■ **Work item**
Pull every line that includes the word "rect" out of the data below and copy it.

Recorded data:
[Start of section]

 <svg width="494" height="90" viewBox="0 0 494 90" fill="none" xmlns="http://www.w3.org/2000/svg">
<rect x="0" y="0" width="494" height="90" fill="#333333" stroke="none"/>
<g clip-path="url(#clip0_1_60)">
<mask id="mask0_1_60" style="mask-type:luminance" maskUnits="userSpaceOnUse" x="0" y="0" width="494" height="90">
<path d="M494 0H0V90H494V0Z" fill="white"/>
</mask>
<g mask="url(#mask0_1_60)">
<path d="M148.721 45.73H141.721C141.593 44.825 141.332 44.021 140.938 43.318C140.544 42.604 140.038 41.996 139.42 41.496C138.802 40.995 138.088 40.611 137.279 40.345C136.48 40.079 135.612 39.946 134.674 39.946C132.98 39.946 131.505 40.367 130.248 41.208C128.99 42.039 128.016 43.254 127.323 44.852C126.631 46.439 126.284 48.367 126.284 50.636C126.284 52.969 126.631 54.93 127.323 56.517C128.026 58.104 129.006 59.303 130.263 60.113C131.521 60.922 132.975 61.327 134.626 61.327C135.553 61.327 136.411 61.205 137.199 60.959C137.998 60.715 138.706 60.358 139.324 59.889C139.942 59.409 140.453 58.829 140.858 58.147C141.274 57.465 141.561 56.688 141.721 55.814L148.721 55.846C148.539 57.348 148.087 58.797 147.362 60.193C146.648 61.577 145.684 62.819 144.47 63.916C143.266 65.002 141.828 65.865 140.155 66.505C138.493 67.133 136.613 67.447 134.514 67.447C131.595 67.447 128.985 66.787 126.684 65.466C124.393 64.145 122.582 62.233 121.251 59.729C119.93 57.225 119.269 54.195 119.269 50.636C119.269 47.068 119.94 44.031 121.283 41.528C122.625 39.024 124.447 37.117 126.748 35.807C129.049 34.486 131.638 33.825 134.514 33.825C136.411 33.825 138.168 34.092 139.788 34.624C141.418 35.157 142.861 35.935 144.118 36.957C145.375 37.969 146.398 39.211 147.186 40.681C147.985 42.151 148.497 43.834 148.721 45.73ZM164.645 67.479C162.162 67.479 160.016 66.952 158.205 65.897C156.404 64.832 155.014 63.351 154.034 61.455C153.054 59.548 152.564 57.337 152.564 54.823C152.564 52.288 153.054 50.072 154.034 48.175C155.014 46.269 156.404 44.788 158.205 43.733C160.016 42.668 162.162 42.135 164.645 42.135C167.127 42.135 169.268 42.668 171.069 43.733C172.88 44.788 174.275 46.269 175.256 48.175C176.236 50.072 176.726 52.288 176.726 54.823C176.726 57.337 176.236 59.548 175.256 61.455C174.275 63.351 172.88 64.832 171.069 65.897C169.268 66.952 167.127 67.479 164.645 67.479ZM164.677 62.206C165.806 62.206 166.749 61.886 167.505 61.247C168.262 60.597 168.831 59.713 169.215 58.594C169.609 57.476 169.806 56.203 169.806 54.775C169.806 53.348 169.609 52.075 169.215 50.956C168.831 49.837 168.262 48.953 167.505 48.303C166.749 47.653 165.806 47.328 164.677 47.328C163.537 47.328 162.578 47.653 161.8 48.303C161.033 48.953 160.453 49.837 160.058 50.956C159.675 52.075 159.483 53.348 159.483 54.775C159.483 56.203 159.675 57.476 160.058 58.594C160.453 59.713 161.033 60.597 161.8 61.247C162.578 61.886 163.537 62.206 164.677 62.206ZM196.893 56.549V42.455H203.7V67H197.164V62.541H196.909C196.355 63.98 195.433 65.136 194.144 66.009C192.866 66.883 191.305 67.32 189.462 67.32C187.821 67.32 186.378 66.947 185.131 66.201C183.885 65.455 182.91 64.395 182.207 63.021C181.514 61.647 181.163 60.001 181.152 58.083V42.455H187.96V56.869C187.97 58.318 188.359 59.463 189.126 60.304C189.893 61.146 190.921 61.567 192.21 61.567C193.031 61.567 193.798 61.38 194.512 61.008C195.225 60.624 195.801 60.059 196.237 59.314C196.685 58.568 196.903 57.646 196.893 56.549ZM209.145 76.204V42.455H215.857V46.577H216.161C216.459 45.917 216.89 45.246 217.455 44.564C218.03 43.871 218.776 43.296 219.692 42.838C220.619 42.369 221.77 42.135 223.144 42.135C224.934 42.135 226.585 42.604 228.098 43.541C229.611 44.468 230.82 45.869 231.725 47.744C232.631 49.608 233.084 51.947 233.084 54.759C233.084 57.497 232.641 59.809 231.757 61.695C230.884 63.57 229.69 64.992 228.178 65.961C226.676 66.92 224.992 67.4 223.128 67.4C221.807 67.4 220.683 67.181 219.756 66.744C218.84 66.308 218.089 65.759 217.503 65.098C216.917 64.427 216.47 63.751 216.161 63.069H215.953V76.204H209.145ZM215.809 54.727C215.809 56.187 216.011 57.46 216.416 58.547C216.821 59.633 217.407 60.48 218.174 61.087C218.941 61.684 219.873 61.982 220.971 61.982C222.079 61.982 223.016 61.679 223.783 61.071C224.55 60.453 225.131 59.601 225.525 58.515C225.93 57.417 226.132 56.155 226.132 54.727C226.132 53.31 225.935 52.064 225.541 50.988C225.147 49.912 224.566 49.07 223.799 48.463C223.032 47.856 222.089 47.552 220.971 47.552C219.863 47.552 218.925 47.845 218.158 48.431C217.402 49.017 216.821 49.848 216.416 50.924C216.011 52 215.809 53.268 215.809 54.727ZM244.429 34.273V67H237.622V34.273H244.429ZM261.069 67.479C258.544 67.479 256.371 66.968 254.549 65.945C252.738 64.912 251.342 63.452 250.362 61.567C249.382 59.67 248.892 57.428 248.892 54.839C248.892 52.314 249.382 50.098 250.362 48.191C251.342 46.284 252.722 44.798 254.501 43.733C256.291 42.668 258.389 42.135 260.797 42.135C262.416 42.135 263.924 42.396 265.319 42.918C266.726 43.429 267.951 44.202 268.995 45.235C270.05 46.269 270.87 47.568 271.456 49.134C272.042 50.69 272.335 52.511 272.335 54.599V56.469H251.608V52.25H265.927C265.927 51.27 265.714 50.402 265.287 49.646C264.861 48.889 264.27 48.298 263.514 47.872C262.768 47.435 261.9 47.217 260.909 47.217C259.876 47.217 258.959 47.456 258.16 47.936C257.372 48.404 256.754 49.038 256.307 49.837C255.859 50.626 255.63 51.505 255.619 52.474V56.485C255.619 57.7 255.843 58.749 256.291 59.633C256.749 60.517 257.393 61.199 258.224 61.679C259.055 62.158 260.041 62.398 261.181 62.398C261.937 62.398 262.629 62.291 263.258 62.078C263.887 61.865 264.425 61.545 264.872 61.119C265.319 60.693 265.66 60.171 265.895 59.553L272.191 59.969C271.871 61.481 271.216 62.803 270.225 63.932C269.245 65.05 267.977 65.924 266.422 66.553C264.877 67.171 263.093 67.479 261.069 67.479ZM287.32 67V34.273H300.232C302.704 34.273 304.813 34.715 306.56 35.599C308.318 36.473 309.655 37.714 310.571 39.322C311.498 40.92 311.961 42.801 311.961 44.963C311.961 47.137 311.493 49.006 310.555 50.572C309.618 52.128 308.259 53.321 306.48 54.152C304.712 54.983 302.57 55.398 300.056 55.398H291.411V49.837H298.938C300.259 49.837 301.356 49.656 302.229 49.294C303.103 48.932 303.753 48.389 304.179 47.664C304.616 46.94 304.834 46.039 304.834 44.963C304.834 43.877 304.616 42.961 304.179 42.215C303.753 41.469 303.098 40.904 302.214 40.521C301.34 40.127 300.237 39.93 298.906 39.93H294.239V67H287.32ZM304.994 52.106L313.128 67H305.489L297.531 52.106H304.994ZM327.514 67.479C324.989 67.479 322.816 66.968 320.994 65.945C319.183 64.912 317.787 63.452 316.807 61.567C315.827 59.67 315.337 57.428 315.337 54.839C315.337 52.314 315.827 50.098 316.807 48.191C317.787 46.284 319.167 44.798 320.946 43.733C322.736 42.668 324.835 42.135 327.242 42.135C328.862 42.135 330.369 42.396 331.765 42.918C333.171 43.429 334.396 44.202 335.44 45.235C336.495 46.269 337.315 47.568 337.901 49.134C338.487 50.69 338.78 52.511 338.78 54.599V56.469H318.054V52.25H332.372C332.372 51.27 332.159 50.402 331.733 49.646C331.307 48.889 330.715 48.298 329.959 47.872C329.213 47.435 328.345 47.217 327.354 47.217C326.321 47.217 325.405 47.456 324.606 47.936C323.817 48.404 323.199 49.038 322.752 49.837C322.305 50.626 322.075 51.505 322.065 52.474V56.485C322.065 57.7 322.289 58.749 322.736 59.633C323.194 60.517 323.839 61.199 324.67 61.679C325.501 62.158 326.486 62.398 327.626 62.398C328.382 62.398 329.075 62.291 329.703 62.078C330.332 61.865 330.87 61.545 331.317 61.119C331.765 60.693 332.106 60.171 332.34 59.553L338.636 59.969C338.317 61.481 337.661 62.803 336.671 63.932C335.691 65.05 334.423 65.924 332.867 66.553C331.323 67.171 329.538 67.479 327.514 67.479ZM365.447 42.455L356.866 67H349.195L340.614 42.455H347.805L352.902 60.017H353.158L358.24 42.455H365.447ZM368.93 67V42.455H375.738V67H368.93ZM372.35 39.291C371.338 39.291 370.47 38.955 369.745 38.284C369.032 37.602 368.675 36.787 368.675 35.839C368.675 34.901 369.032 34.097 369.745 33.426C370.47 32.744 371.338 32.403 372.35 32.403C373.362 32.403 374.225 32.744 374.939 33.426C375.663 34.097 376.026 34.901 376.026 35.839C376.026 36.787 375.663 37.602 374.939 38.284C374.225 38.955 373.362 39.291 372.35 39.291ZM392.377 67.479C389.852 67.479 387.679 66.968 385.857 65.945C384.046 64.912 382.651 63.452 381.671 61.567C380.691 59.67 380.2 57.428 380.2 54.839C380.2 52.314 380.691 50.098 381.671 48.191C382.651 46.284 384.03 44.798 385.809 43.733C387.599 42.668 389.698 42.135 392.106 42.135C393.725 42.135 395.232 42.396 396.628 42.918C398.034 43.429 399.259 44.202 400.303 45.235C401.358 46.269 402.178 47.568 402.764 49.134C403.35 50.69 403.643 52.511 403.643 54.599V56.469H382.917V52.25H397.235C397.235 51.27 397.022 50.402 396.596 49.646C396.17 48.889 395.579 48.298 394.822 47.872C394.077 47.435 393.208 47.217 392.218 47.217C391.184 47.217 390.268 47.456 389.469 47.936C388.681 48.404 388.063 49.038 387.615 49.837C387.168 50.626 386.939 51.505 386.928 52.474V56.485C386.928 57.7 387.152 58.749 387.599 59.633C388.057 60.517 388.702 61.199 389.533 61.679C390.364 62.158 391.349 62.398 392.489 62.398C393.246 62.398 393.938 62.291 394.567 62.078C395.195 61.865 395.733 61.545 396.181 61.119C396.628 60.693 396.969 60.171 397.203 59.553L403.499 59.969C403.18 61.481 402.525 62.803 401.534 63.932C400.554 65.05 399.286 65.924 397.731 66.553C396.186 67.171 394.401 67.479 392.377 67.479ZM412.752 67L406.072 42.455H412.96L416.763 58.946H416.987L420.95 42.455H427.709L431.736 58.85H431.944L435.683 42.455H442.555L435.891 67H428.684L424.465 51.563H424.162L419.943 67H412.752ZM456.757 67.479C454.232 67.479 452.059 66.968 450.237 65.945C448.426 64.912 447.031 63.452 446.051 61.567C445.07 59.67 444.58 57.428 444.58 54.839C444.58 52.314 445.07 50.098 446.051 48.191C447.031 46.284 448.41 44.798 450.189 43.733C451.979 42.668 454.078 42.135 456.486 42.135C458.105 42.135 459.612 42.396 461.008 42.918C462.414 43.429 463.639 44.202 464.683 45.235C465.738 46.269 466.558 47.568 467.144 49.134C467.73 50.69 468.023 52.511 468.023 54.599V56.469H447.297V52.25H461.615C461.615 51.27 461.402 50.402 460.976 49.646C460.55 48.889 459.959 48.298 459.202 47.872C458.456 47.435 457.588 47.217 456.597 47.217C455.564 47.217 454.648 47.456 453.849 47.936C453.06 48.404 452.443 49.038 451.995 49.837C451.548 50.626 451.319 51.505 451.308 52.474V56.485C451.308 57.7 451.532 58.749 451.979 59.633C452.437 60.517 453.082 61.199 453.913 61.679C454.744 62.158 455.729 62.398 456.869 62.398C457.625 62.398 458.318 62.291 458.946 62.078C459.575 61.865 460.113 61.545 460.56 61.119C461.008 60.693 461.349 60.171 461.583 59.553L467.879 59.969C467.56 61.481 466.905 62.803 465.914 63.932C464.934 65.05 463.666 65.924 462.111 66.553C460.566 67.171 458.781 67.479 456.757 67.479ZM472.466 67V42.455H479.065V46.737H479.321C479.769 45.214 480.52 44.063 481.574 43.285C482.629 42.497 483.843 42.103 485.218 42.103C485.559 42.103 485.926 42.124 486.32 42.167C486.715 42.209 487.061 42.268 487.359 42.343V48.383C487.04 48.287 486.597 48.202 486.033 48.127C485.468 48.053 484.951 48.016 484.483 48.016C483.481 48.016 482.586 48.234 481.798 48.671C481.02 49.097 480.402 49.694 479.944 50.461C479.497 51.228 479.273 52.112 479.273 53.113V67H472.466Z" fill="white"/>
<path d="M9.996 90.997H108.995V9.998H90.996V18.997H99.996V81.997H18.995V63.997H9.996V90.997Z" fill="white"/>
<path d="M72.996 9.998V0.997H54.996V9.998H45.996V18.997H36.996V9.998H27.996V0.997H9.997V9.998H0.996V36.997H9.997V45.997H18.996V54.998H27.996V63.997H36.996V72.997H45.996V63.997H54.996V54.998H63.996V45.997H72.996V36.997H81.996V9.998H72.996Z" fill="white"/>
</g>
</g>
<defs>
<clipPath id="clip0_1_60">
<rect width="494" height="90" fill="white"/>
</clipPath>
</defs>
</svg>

[End of section]

■ **Result of the task**
<rect x="0" y="0" width="494" height="90" fill="#333333" stroke="none"/>
<rect width="494" height="90" fill="white"/>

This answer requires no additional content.